秦浩天捧在手上的玻璃罐里,一截儿童的手指在液体中载浮载沉。
“这是小女的手指。”秦正德看着玻璃容器,语带哽咽:“绑匪寄了这截手指示警,要求巨额赎金,并威胁不得报警……”他垂下头,双手掩住手:“但我还是求助警方了……结果绑匪逃脱……从此以后,我再也没有小幂的消息了。如果她还活着的话……不!”秦正德含着眼泪握紧拳头:“我相信小幂还活着!警察说,小幂的手指是被活生生切下的……也就是说,切下这截手指的时候,小幂还活着……虽然过了这么多年,我还是相信她仍活着……”秦正德肩膀剧烈抖动,他用力摇头,表情悲愤:“只有相信小幂还活着,我才能继续往后的人生呀!”
秦浩天朗声说:“家父已经不再相信警察了,但多年来委托侦探的调查却一直毫无成果。我的推理能力还算不错,但也查不出姐姐的下落。因此,父亲委托我设计谜题,执行死亡游戏,希望藉此寻找有实力、可信赖的侦探,将寻找姐姐下落的工作交付予他。”
“对不起,我有些累了。”秦正德坐在椅子上撑住额头:“死亡游戏延到明天再进行吧!今天就请各位好好休息。我……我想自己一个人在这房间里待一会儿。”
“父亲您好好休息吧!招待客人的工作就交给我。”秦浩天转身对众人道:“各位旅途劳顿,都辛苦了。请移驾到餐厅享用午餐吧!”
秦浩天领着众人退出秦幂的房间。
看似简单的午餐竟出乎意料地好吃,每个人都品尝着茶点,露出幸福的满足笑容。
“别墅里的厨师手艺真好。”夏想赞道。
秦浩天笑道:“别墅没有另外请厨师,午餐是满婆婆亲手料理的。满婆婆虽然年纪大了,但也只是腿脚有点不便,做起家事依旧干净利落,只她一个人,就把整栋别墅打理得井井有条。”

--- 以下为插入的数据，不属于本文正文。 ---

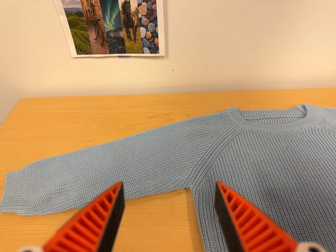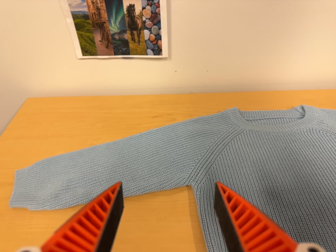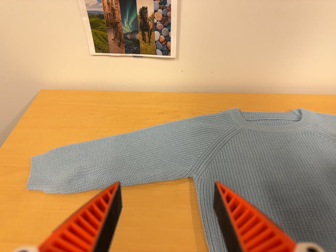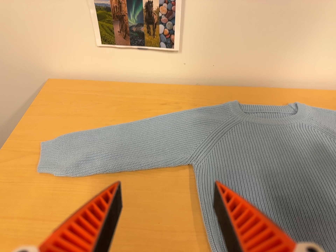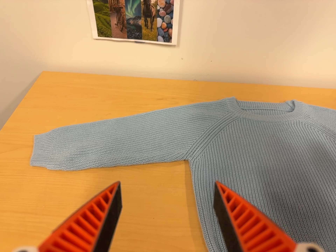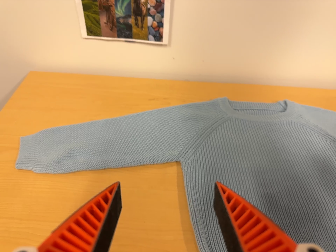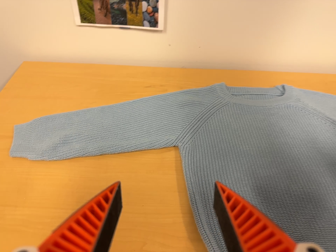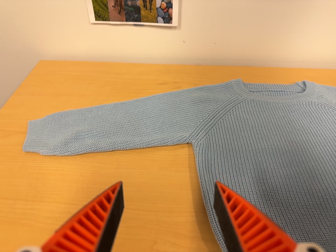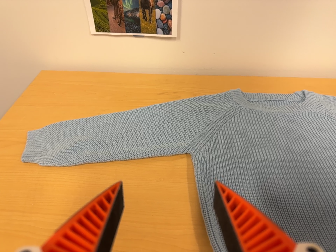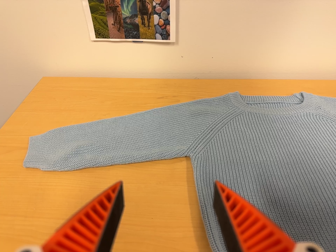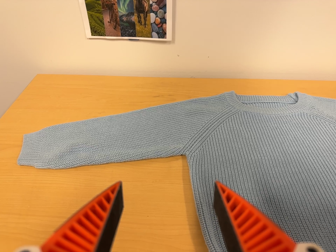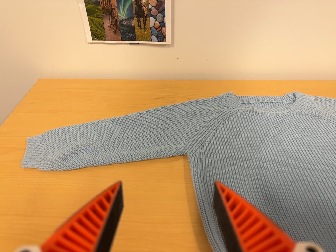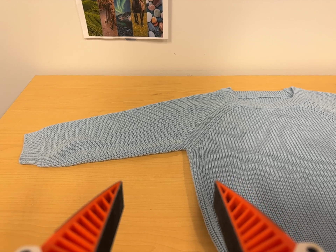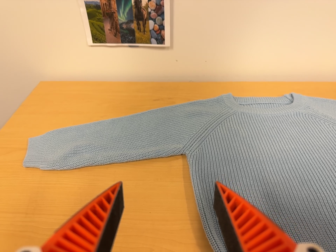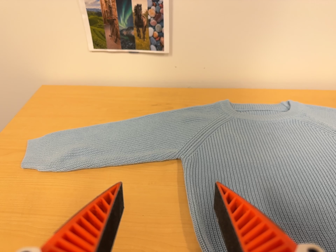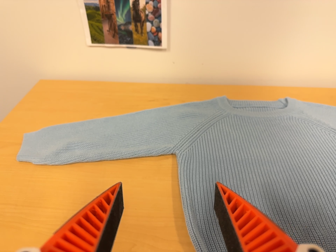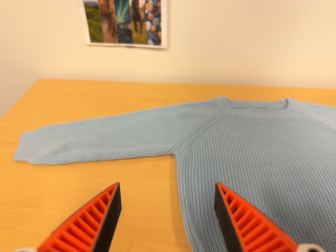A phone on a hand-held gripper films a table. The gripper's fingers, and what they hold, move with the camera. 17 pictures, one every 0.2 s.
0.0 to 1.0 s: The camera travels backward, about 7 cm, so what stands in front gets smaller.
1.0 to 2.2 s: The camera travels toward the bottom of its view, about 5 cm.
2.2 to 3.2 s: The camera shifts only a little, or ends up much as it began.
The film runs backward here.
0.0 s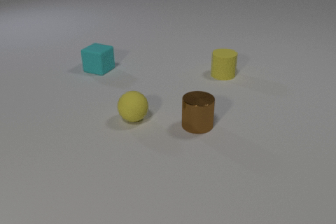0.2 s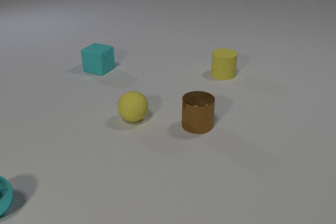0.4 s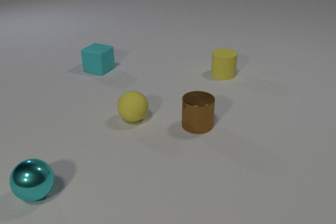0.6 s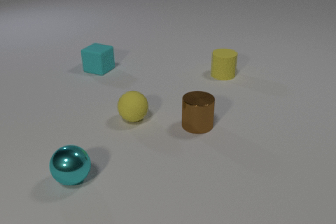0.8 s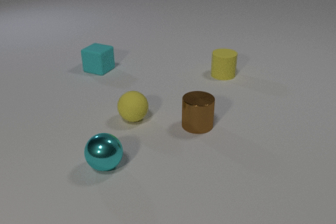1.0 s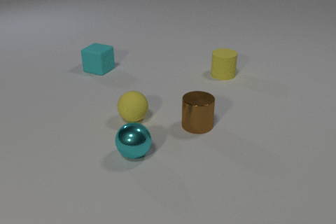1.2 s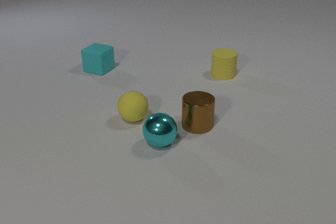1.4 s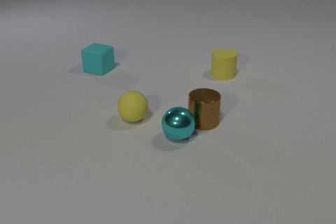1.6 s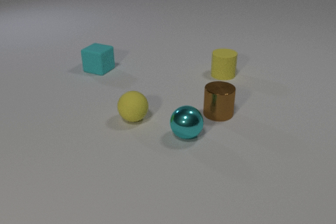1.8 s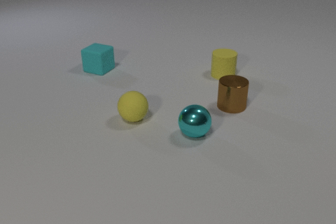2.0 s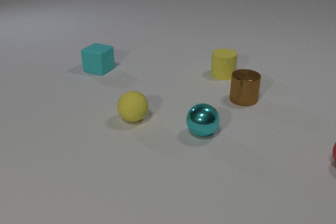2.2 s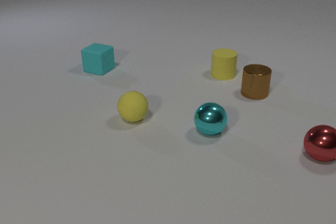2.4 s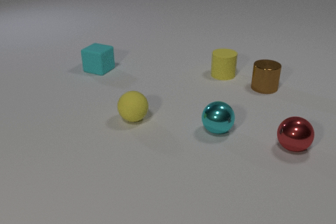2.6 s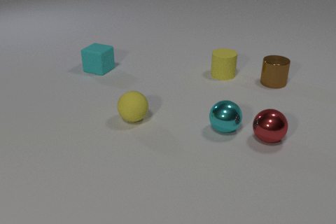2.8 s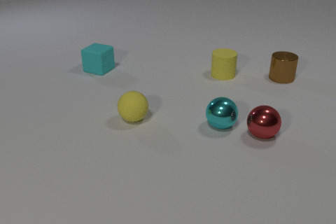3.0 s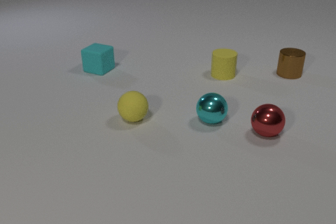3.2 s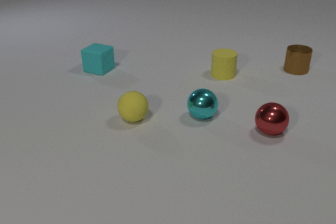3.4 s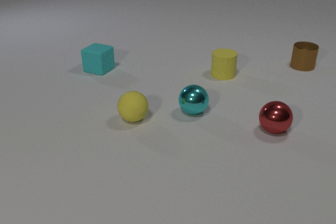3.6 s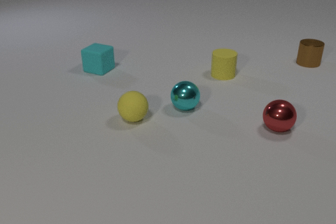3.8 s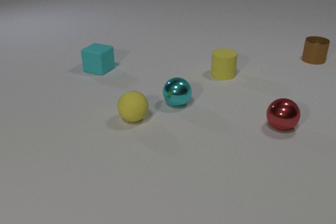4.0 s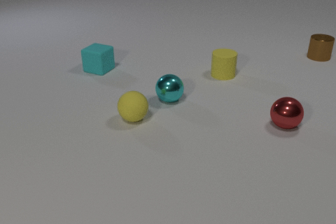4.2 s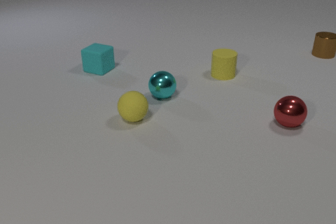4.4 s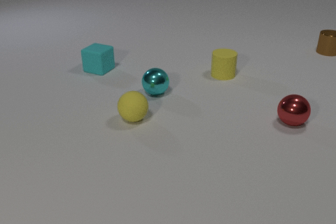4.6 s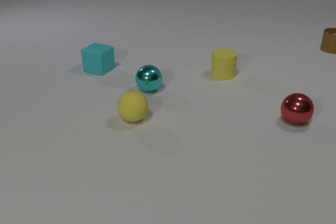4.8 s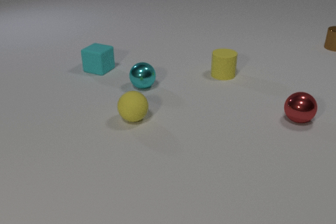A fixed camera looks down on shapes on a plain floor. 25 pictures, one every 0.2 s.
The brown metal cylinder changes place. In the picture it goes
away from the camera.
0.0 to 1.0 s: The cyan metal sphere comes in at the left edge, rolls to the right.
1.0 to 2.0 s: The cyan metal sphere rolls to the right and away from the camera. The brown metal cylinder slides away from the camera and to the right. The cyan metal sphere and the brown metal cylinder collide.
2.0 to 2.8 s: The cyan metal sphere rolls to the right and away from the camera. The brown metal cylinder slides away from the camera and to the right. The red metal sphere rolls to the left. The cyan metal sphere and the red metal sphere collide.
2.8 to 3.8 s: The cyan metal sphere rolls to the left and away from the camera. The brown metal cylinder slides away from the camera and to the right. The red metal sphere rolls away from the camera and to the right.
3.8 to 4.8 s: The cyan metal sphere rolls away from the camera and to the left. The brown metal cylinder slides away from the camera and to the right. The red metal sphere rolls away from the camera and to the right.
What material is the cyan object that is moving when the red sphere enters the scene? metal.
How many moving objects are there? 3.
How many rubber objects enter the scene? 0.

知秋揉揉眼睛打了个呵欠,站起身说:“各位慢慢聊,我去补个眠。”
范浩然瞥了他一眼,端起杯子啜饮红茶。
知秋慢悠悠晃进秦浩天安排好的单人房,钻进被窝暖暖地睡了个好觉。
也不知睡了多久,忽然一阵猛烈的敲门声将他惊醒。
知秋爬下床,揉着惺忪的睡眼打开门。门外,是一脸冰霜的范浩然。
“敲了这么久才开门,我还以为你死了呢!”
“谢谢你的关心,我没死。”知秋笑着说。
“我没有在关心你。”
知秋只是笑:“找我有什么事?”
“你知道现在几点了吗?”
“你把我从睡梦中吵醒,就只是为了问我现在现在几点吗?”知秋瞥了一眼范浩然的手腕:“你的手表坏了?”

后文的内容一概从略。